[WORK INSTRUCTION] Could you transcribe every record below exactly as written, excluding the pictures?

[DATA EXTRACT]
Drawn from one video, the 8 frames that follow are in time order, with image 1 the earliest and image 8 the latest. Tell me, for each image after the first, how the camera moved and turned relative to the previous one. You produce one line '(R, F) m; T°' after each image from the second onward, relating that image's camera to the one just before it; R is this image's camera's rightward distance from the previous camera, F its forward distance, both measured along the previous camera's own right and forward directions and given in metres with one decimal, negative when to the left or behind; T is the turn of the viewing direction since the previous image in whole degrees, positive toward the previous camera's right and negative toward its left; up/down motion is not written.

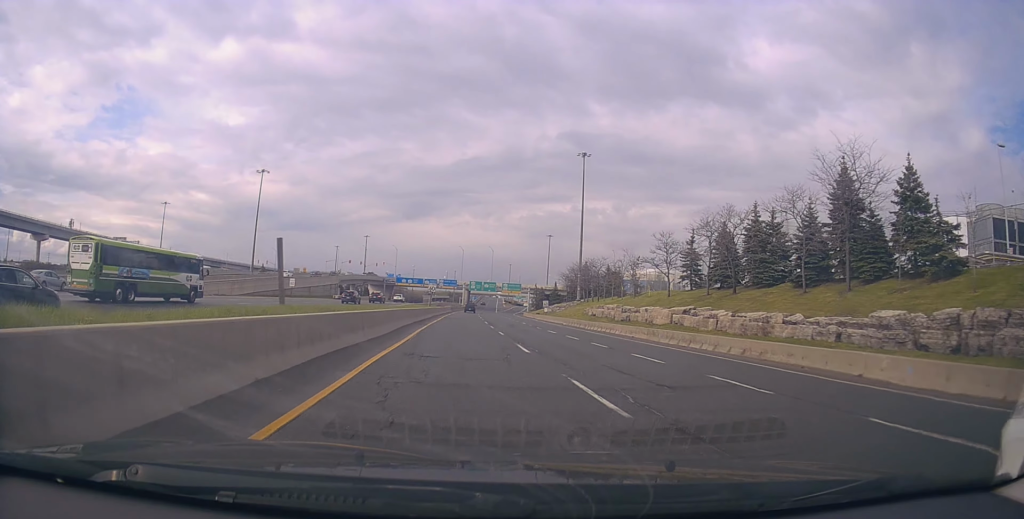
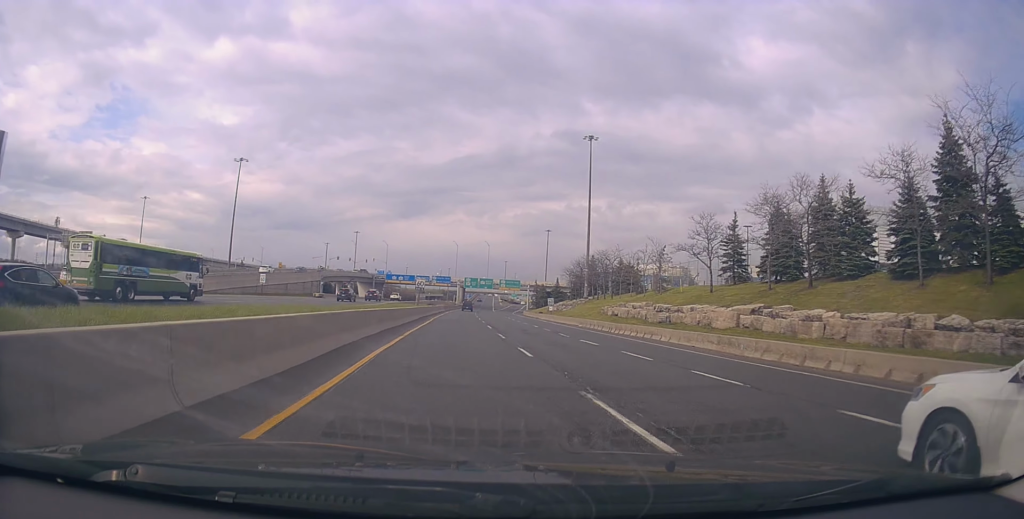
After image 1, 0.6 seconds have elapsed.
(0.0, +11.4) m; +1°
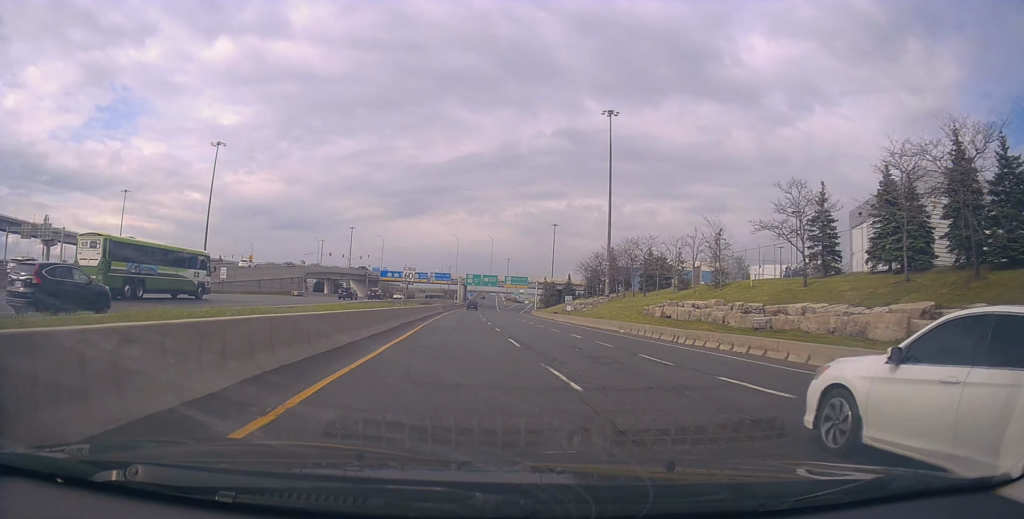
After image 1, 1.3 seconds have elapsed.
(+0.1, +13.8) m; 0°
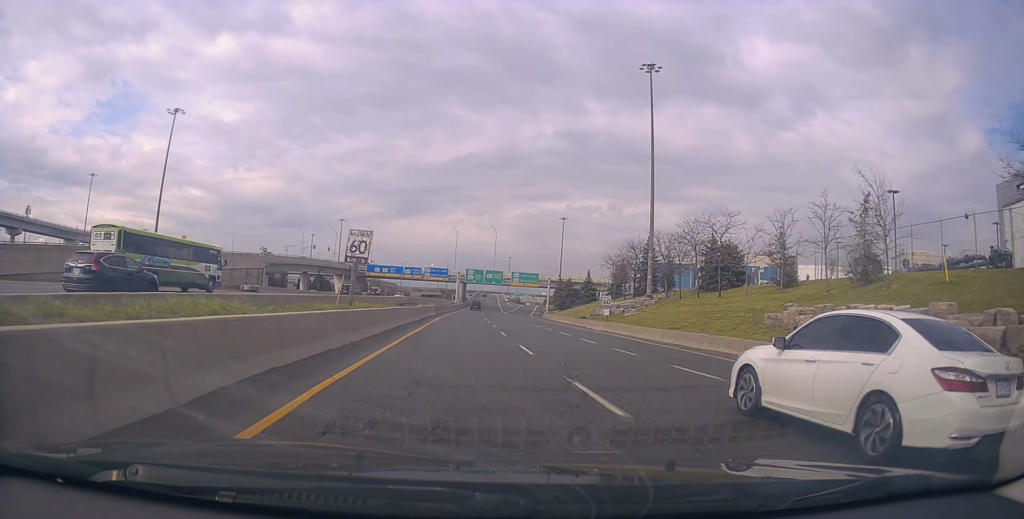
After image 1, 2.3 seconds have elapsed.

[ANSWER TO THIS PROBLEM]
Drawn from one video, the 8 frames that follow are in time order, with image 1 the earliest and image 8 the latest. Tell me, for each image after the first, how the camera moved and turned relative to the previous one. You produce one line '(R, F) m; T°' after each image from the second onward, relating that image's camera to the one just before it; R is this image's camera's rightward distance from the previous camera, F its forward distance, both measured along the previous camera's own right and forward directions and given in metres with one decimal, negative when to the left or behind; T is the turn of the viewing direction since the previous image in whole degrees, positive toward the previous camera's right and negative toward its left; up/down motion is not written.

After image 1, 0.6 seconds have elapsed.
(0.0, +11.4) m; +1°
After image 1, 1.3 seconds have elapsed.
(+0.1, +13.8) m; 0°
After image 1, 2.3 seconds have elapsed.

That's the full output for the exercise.